Give your timezone/part-time issues, I'd provide a cell phone or something for
people to use in case of dire emergency. If people abuse it, you cut off their
support service.

I'd also instrument as much as possible so that in the event of a disaster you
are first to know, not last. I use a heavily customized nagios setup that
sends SMSes to my cell phone. Works out well.

------
lux
I've been using email for my main company, which isn't great. Just finished
putting together the new support system, which is still email-based, but also
logs everything in a private ticket system and texts if there's an emergency.

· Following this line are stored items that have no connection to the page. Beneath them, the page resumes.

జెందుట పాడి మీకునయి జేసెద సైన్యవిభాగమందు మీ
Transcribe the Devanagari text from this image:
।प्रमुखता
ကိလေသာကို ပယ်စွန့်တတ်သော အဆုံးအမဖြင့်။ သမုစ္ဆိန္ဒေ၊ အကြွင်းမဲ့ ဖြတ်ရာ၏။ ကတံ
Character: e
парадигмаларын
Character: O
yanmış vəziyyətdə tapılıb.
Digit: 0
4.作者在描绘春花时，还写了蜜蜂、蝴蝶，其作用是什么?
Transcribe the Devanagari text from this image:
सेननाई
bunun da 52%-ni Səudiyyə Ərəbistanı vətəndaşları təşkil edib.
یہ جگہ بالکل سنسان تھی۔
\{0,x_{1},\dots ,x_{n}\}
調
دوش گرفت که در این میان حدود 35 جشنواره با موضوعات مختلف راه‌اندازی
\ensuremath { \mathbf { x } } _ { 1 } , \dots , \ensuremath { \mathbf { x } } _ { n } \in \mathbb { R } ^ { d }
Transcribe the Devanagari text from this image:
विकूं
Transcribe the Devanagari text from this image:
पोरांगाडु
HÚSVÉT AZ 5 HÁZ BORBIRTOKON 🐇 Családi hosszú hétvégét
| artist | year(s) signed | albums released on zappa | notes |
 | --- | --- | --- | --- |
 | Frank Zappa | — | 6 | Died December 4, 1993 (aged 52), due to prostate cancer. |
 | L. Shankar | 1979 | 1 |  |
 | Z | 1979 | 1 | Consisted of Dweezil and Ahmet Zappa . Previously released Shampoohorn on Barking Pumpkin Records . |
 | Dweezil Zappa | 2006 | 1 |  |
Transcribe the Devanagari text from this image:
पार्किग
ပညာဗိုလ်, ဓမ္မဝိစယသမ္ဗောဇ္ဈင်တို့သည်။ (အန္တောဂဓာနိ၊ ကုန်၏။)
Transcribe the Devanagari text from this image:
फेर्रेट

Response time: it varies, but it's definitely good to send a "hey we're
looking into it" canned response so their issue is acknowledged. It would
almost be worth it to have a few of those prepared and auto-reply within 10-20
minutes with one...

------
denton
The answer is 'as quickly as possible' - especially when you think about
support as pre-sales and marketing.

------
known
I'd recommend live chat similar to <http://support.mozilla.com/en-
US/kb/Live+Chat>

------
DanielBMarkham
If people are paying you, then you're going to have to make an effort to not
only solve their problem, but solve the general problem of support. If you
weren't getting paid, you can always make the case that support services are
simply unsustainable. But if you're making money presumably you've factored
the cost of support into your rate, right?